Many wallets have the ability to connect to your own node or an Electrum Server. You can find this option in the settings, or you have to look in the documentation or user forums. For example, the aforementioned Trezor allows to connect to your own Electrum Personal Server, ElectrumX or Electrs via Electrum wallet. This solution will be provided without any worries by just mentioned Nodl.

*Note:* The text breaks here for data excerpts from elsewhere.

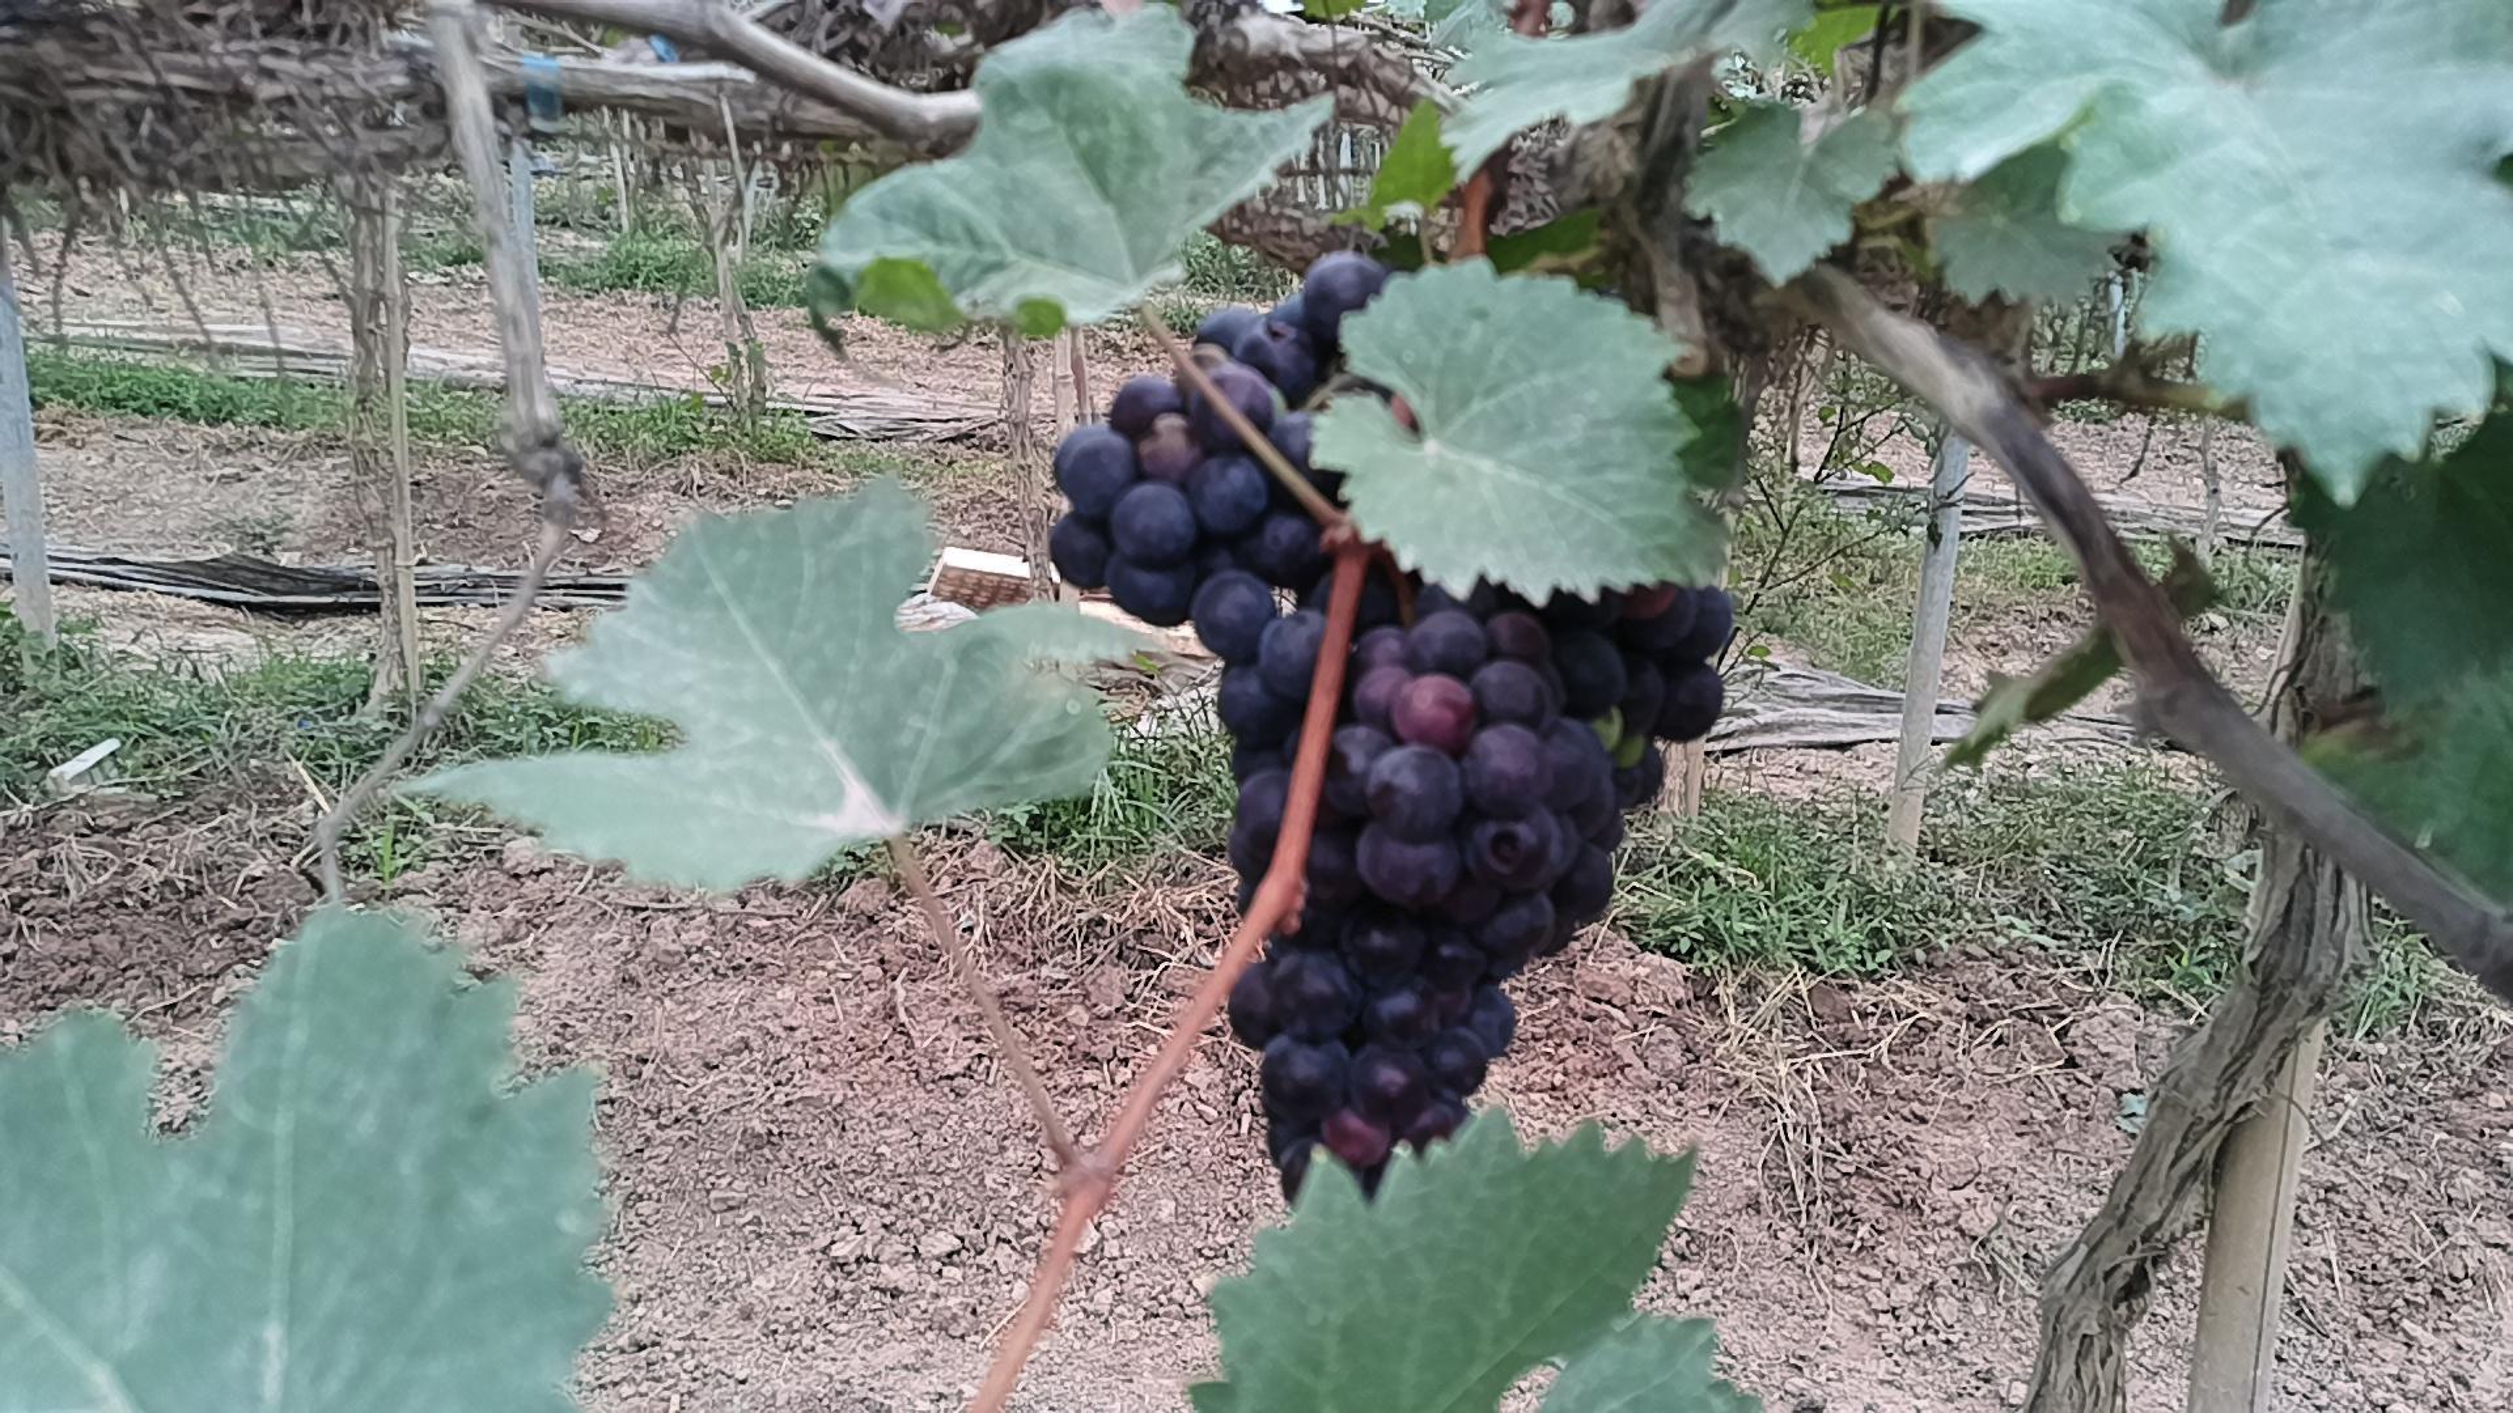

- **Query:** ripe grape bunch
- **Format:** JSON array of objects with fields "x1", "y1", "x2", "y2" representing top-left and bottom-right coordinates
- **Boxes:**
[{"x1": 1047, "y1": 259, "x2": 1728, "y2": 1201}]
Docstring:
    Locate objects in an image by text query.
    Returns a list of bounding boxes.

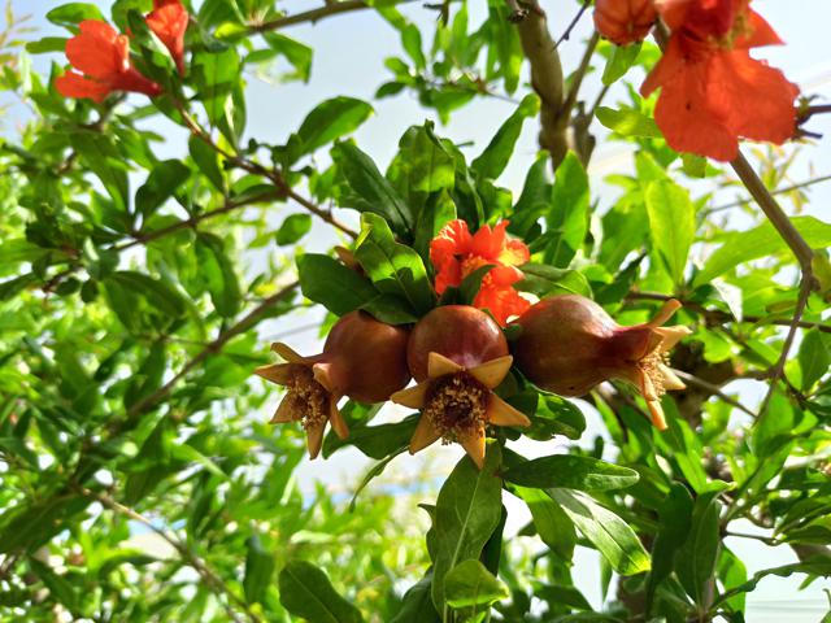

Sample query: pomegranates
[252,308,413,461]
[388,304,531,470]
[512,293,691,431]
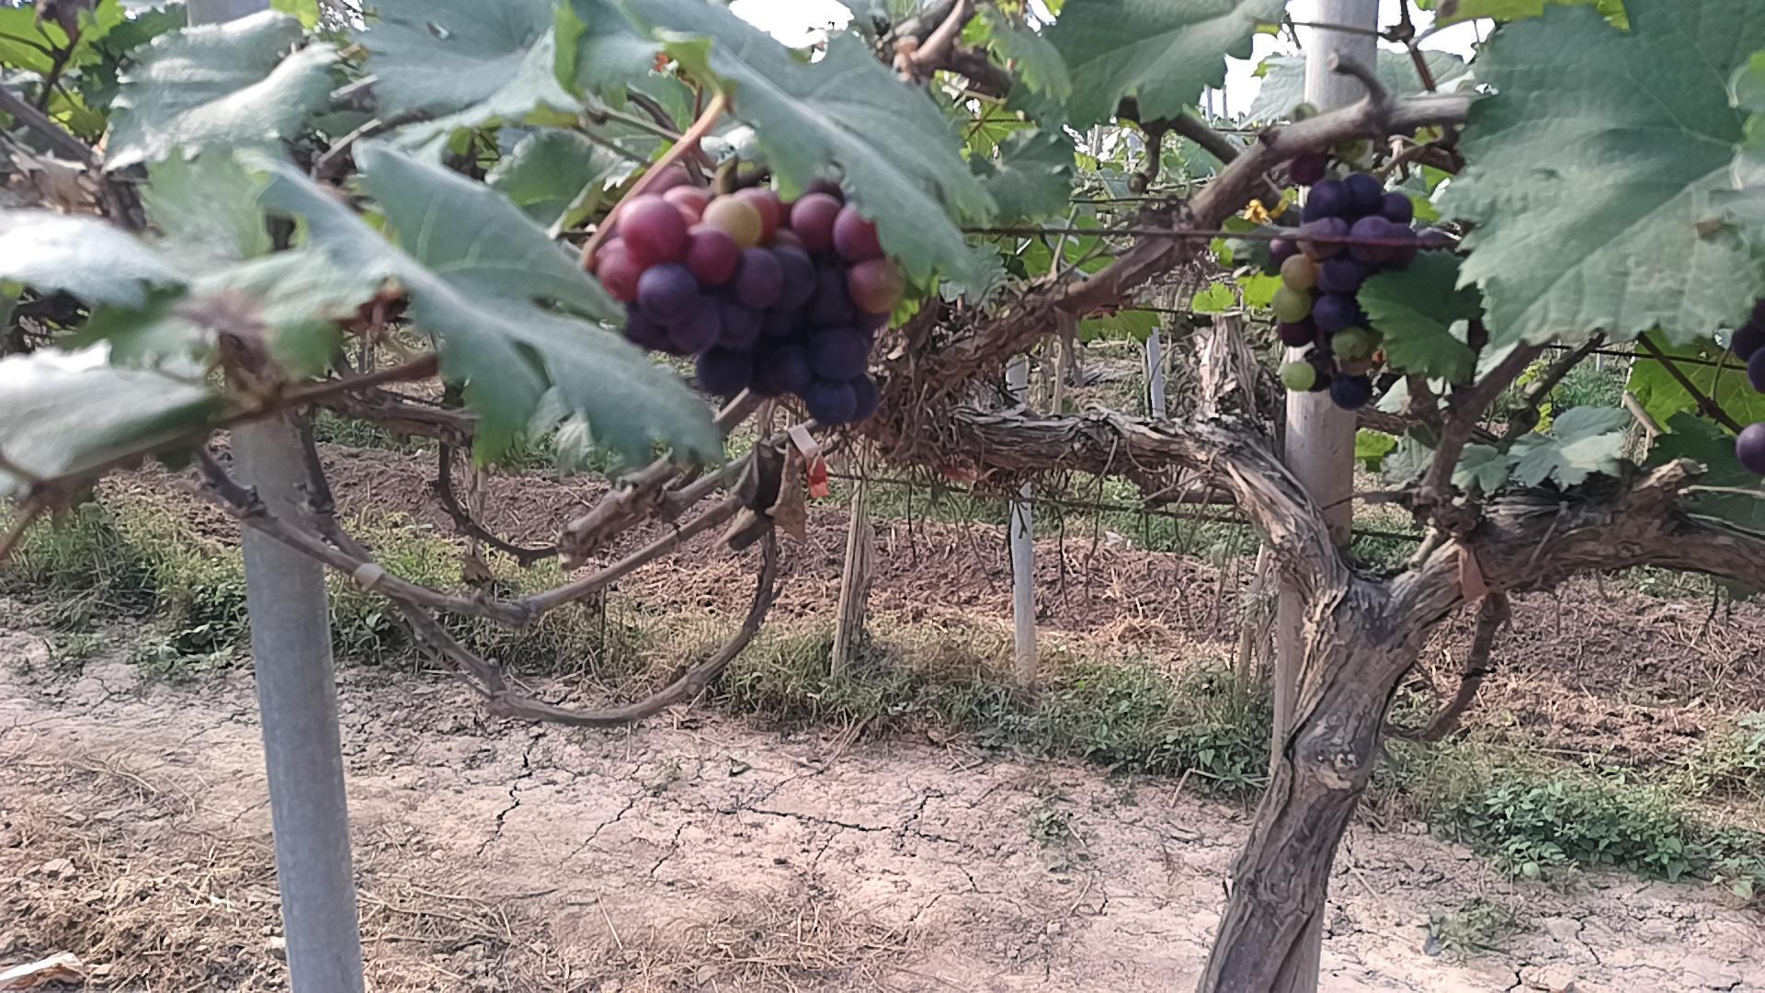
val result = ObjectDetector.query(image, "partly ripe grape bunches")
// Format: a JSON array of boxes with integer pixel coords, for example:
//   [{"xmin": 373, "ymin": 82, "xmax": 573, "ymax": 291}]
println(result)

However, Wasabi Wallet offers a pleasantly simple solution for SPV. If it detects a running full node on your computer, it will automatically connect to it. Wasabi is focused on privacy and thanks to its use with your own node, you will reach its high level.

i Mohlo by vás zajímat

Conclusion and why using your own Bitcoin full node makes sense

Using your own Bitcoin full node should be automatic and without a debate. If you believe in Bitcoin and take your security and privacy seriously, using your own full node should be a matter of course for you. In the end, there is nothing left but to get started, abandon old and bad habits and use Bitcoin to get the most out of it, while returning to the bitcoin network and its users the same thing that they provide you for free and without a single question.

Are you using your own Bitcoin full node? If so, thumbs up!
The full node is a powerful tool in the right hands. It is essential for the Bitcoin network infrastructure and at the same time gives you power in the form of great privacy and security. It can be fun, don't be afraid to try it!